Já as empresas reclamadas, do ramo de distribuição de combustível e cargas, afirmaram que o motorista realizou as manobras indevidas, em via pública, e ainda postou os vídeos na rede social TikTok. Os áudios juntados ao processo apontaram uma conversa entre um representante das empresas e o autor, indicando que foi ele quem realizou as manobras. 

Para a desembargadora relatora do TRT-MG, Rosemary de Oliveira Pires Afonso, a empregadora agiu de forma correta. “Há, nos autos do processo trabalhista, elementos suficientes para comprovar que ele apresentou conduta apta para a justa causa aplicada, nos moldes do artigo 482 da CLT, caracterizadora que é de mau procedimento, desídia no desempenho das funções, ato de indisciplina ou de insubordinação da CLT”

Segundo a julgadora, é incontroverso que o motorista postou vídeos na rede social TikTok, mostrando imagens do condutor do caminhão em zigue-zague na rodovia, derrapando na pista e soltando as mãos do volante. Para ela, há fortes indícios de que o trabalhador estava na direção do veículo, como se depreende dos áudios anexados na contestação, que não tiveram o conteúdo impugnado pelo motorista. 

“Na conversa, o autor manifesta aceitação sobre os questionamentos que lhe são feitos sobre a conduta perigosa adotada na direção do volante, que o teria colocado em situação de risco, além de macular a imagem da empresa com as postagens.

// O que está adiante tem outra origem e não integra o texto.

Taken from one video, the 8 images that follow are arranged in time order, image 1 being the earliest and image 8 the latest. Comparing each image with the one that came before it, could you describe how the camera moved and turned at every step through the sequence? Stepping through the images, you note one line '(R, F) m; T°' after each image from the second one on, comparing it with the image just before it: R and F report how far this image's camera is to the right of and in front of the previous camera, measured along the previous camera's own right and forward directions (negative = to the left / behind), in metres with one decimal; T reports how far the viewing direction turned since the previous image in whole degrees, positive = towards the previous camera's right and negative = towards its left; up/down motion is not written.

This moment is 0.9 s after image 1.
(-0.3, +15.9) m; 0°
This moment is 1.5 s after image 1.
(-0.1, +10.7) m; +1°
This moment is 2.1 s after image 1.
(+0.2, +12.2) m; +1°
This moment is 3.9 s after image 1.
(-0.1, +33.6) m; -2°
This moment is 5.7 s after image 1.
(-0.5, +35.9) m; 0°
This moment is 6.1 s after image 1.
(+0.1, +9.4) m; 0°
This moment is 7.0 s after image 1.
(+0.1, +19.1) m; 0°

O caminhoneiro apenas disse que não imaginava que a postagem teria maior proporção e que ia apagar, não se opondo à afirmação de que era ele quem estava na direção do veículo”

Para a magistrada, a postagem do vídeo na rede social do autor, divulgando conduta irresponsável, por si só, é caracterizadora de falta grave. “Isso macula a imagem das empresas, que atuam no ramo de transporte, são proprietárias do caminhão e empregadoras dele”

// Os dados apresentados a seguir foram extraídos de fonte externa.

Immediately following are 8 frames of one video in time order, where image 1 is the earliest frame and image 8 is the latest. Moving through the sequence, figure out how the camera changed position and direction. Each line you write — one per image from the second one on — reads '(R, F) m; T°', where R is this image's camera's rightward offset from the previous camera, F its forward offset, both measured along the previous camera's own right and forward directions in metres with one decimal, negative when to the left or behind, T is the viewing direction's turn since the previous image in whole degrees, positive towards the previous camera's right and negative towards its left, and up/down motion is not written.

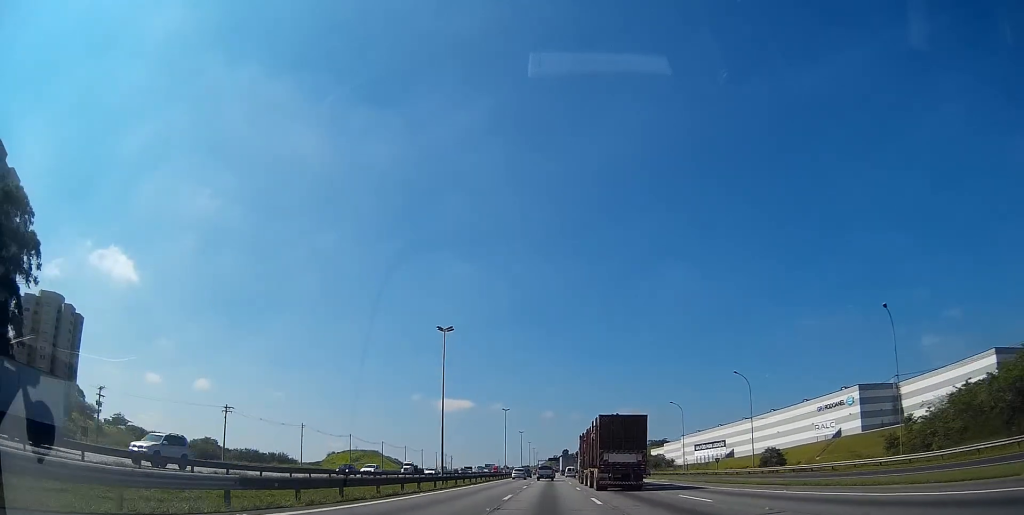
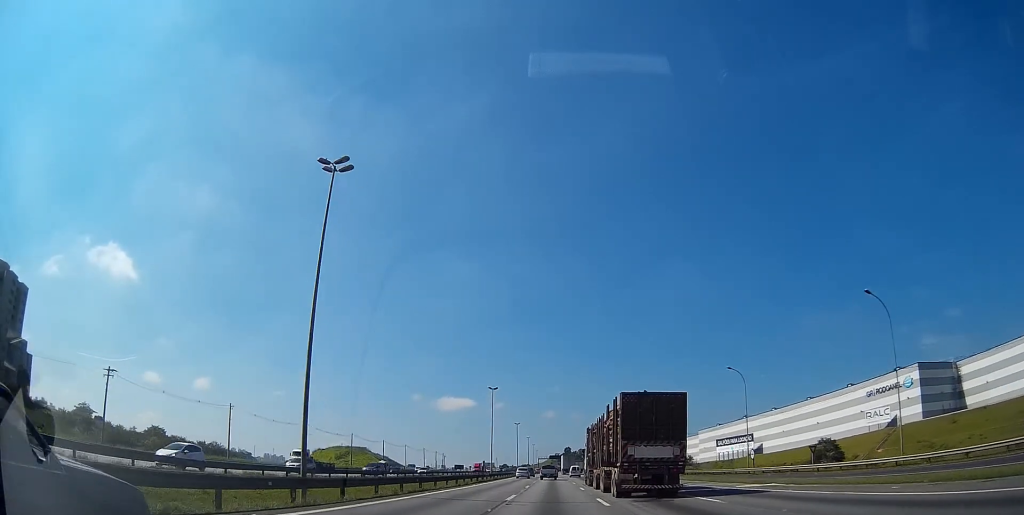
(-0.3, +32.9) m; -1°
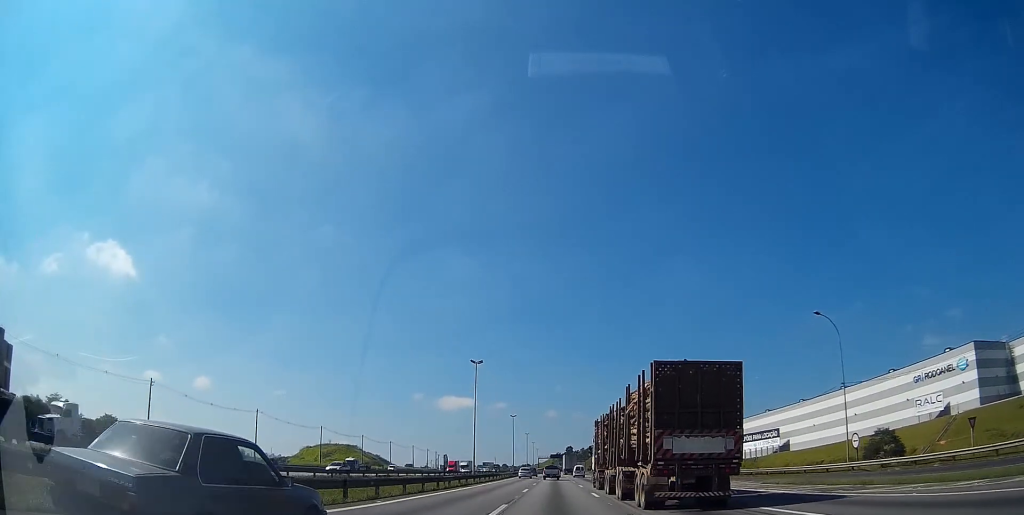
(-0.2, +24.1) m; +1°
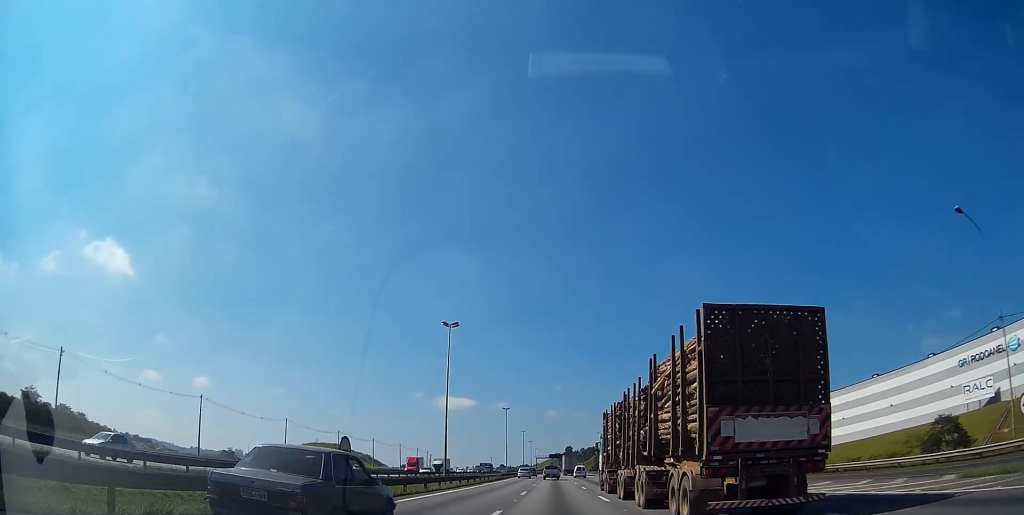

Segundo a relatora, a prova produzida nos autos confirma satisfatoriamente que a dispensa por justa causa foi motivada pela conduta inadequada do autor, seja porque realizou manobras imprudentes, em total desrespeito às regras de trânsito e colocando em risco a própria vida e a de terceiros, ou por ter divulgado imagens de transgressão das leis de trânsito, contrariando os propósitos da empresa. “Portanto, em uma ou outra situação houve descumprimento de suas obrigações contratuais”

Para a relatora, não há que se falar em gradação da pena. “O ato, por si só, é tão grave que rompe, de imediato, a fidúcia do empregador, autorizando a dispensa por justa causa”

A desembargadora ressaltou que o critério de gradação de penalidades não é absoluto e nem universal. “É possível a ocorrência de faltas que, por sua intensa e enfática gravidade, não venham ensejar qualquer viabilidade de gradação na punição a ser deferida, propiciando, assim, de imediato, a aplicação da pena máxima existente no direito do trabalho, como ocorre no caso dos autos”, destacou a julgadora, frisando que “ele recebeu a notícia da dispensa sem apresentar reação de indignação, contrariedade ou arrependimento, sendo equivocado entender que punição mais branda teria efeito pedagógico”

Segundo a magistrada, a conduta do empregado se enquadra nas hipóteses do artigo 482 da CLT (“b”, “e”, “h”), justificando a ruptura do contrato pela quebra da confiança necessária à manutenção da relação de emprego. “Por tais fundamentos, há de ser mantida a improcedência do pedido de reversão da justa causa e, por corolário, as pretensões a ele atreladas, no que se inclui o pedido de indenização por danos morais”, concluiu a julgadora. O processo foi remetido ao TST para exame do recurso de revista. 

Fonte: TRT3 

Fique Atento!

Os julgados desta edição reforçam que práticas discriminatórias e condutas abusivas no ambiente de trabalho geram consequências severas para as empresas. Casos de assédio moral, racismo e dispensa de pessoas com deficiência foram reconhecidos pela Justiça como violações graves da dignidade humana, resultando em indenizações significativas. Além disso, a manutenção da justa causa aplicada a empregado que expôs a imagem da empresa em redes sociais evidencia a seriedade da responsabilidade individual do trabalhador. Nesse cenário, a prevenção, o respeito à diversidade e o alinhamento às normas trabalhistas continuam sendo pilares fundamentais para uma gestão segura e juridicamente responsável.